SUPPLIED MATERIAL »
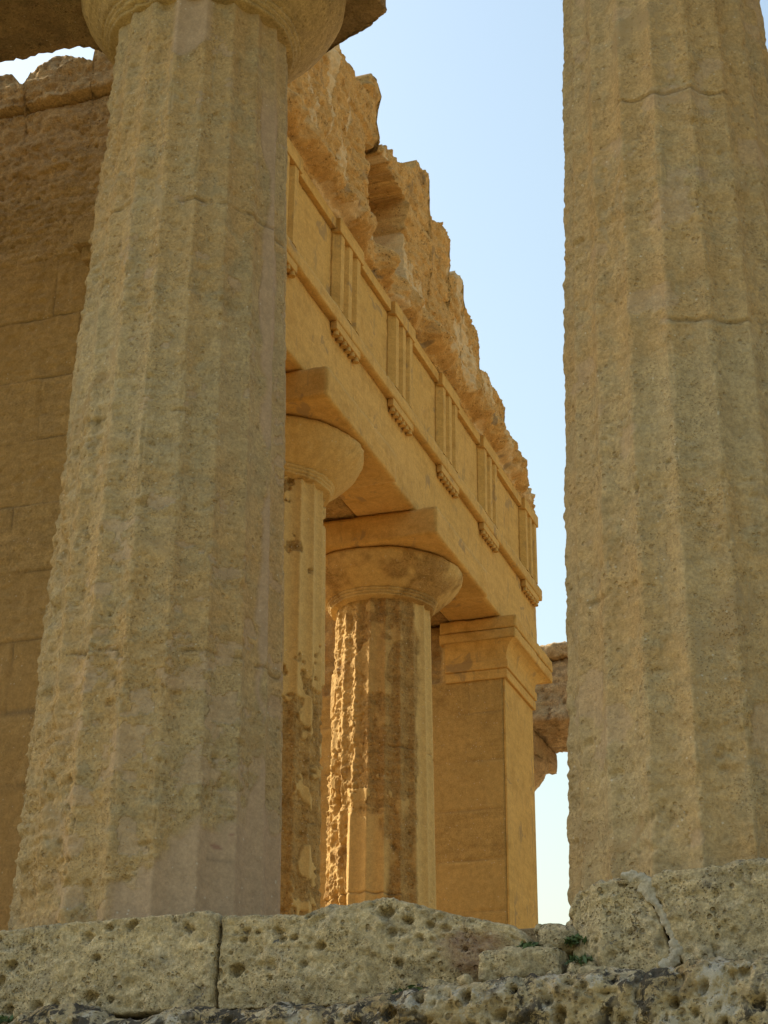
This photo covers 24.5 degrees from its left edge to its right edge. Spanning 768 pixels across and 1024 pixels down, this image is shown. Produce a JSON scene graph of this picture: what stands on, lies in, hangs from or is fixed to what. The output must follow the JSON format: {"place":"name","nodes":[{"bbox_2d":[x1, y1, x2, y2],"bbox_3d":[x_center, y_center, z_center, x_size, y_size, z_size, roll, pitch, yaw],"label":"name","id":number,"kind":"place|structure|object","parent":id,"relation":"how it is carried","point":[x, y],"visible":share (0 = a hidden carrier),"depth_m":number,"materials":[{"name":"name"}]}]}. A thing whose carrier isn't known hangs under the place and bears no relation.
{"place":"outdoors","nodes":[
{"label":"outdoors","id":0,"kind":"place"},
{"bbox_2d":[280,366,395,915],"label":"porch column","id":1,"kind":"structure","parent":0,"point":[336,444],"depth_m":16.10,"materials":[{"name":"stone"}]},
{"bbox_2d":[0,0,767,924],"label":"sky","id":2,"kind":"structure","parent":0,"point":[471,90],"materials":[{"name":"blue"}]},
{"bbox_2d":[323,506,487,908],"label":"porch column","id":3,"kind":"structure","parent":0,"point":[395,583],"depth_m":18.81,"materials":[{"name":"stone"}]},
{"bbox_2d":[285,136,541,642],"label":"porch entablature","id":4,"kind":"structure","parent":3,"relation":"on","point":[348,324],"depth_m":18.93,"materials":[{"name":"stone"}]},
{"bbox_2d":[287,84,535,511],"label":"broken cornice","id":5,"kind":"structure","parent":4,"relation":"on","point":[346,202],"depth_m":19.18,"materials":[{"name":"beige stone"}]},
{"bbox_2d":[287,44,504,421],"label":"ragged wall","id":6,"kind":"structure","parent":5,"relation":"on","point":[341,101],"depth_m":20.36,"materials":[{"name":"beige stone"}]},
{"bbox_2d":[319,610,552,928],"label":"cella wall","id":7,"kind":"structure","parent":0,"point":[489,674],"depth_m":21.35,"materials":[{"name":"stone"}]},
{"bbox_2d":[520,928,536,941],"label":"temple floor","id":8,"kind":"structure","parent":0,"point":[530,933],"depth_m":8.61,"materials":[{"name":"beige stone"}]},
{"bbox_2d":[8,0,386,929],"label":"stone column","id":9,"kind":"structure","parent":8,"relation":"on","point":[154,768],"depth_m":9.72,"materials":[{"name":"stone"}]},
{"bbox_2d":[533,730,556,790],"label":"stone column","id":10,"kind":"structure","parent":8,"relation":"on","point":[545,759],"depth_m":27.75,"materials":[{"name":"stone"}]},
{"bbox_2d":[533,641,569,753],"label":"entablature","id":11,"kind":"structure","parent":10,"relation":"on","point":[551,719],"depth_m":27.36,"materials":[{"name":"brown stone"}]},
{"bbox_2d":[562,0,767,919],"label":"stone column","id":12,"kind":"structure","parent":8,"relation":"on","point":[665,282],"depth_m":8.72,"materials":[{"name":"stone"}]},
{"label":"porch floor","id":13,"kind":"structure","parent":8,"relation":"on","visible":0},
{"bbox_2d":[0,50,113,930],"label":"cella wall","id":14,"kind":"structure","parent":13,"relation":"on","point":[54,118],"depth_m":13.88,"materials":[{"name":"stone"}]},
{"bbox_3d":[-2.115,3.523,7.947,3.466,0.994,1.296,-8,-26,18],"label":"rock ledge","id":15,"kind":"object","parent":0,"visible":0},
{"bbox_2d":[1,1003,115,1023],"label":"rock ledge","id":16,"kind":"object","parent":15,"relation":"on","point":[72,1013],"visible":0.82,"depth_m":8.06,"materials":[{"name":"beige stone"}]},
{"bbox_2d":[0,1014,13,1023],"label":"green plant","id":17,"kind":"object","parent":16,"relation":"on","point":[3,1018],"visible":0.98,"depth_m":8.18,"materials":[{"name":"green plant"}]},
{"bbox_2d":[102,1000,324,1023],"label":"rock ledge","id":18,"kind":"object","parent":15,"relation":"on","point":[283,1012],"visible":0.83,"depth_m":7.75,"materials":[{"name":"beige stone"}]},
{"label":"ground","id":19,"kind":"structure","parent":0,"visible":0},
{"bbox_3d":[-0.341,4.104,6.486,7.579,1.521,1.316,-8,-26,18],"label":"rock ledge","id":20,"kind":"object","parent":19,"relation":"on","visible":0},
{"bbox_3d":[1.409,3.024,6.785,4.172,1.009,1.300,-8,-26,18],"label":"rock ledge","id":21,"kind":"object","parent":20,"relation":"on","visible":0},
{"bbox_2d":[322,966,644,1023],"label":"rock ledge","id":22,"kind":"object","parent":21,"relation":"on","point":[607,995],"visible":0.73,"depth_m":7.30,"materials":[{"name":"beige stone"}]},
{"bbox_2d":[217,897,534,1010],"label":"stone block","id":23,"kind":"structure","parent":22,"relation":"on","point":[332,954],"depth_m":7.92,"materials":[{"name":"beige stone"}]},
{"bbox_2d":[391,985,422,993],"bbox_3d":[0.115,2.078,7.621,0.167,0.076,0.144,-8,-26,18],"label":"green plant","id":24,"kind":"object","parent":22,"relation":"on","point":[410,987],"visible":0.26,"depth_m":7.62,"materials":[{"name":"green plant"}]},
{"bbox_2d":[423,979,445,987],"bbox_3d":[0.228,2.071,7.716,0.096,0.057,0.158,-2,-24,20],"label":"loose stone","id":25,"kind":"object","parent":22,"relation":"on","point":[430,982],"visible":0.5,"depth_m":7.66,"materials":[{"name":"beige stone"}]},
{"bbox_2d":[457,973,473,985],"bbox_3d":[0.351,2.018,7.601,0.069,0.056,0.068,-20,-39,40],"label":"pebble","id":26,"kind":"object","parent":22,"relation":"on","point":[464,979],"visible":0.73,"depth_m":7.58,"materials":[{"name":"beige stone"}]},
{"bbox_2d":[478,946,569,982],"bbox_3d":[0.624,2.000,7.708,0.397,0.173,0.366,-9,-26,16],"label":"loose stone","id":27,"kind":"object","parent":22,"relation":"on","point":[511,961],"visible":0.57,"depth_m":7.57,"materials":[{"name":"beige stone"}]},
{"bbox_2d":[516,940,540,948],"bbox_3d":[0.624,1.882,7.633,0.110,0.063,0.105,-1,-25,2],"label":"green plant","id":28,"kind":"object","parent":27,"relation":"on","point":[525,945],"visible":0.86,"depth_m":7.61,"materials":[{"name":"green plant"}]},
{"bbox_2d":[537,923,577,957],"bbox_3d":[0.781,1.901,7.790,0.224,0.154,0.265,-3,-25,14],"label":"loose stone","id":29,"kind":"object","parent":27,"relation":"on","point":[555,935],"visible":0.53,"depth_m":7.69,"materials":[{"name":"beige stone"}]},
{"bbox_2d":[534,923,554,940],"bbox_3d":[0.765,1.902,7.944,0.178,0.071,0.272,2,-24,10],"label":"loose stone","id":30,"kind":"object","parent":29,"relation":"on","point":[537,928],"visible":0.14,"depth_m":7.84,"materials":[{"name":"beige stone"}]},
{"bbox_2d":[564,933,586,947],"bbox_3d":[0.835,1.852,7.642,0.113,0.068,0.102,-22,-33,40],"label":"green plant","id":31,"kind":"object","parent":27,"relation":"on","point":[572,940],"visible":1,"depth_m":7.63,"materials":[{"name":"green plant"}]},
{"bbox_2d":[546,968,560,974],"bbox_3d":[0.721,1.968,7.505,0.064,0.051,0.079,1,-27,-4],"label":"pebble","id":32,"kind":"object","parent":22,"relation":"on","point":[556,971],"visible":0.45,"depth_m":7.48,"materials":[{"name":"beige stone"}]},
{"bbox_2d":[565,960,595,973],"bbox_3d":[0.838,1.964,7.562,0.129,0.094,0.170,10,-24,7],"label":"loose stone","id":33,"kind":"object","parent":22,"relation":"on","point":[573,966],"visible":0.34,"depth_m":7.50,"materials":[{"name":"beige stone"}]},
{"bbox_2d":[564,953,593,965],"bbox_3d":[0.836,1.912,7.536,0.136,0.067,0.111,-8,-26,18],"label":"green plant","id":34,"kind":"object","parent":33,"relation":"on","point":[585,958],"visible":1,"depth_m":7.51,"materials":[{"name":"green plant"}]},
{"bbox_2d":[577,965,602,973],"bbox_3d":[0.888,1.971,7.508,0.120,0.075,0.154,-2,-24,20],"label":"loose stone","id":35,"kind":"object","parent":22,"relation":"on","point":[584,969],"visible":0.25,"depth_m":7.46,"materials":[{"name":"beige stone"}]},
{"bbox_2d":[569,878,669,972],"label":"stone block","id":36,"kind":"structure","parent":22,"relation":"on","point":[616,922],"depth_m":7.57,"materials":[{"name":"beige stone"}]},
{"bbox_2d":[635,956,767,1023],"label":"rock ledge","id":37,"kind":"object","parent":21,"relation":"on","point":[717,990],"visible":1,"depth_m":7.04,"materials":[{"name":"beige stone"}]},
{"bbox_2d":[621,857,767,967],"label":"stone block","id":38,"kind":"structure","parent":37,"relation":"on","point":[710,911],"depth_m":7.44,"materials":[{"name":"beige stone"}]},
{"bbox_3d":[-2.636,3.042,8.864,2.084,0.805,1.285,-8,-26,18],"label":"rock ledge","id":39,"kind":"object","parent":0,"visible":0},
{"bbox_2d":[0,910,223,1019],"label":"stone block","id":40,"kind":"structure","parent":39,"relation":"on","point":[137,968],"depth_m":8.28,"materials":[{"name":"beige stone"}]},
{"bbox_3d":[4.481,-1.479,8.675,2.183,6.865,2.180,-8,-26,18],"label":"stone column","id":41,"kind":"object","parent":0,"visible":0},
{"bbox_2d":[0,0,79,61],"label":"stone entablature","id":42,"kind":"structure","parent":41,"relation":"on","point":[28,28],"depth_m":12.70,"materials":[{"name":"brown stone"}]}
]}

EXERCISE DIRECTIONS »
Line count for the string "porch": please say how many lines in the entries above contain it, with no other words.

TASK RESPONSE »
4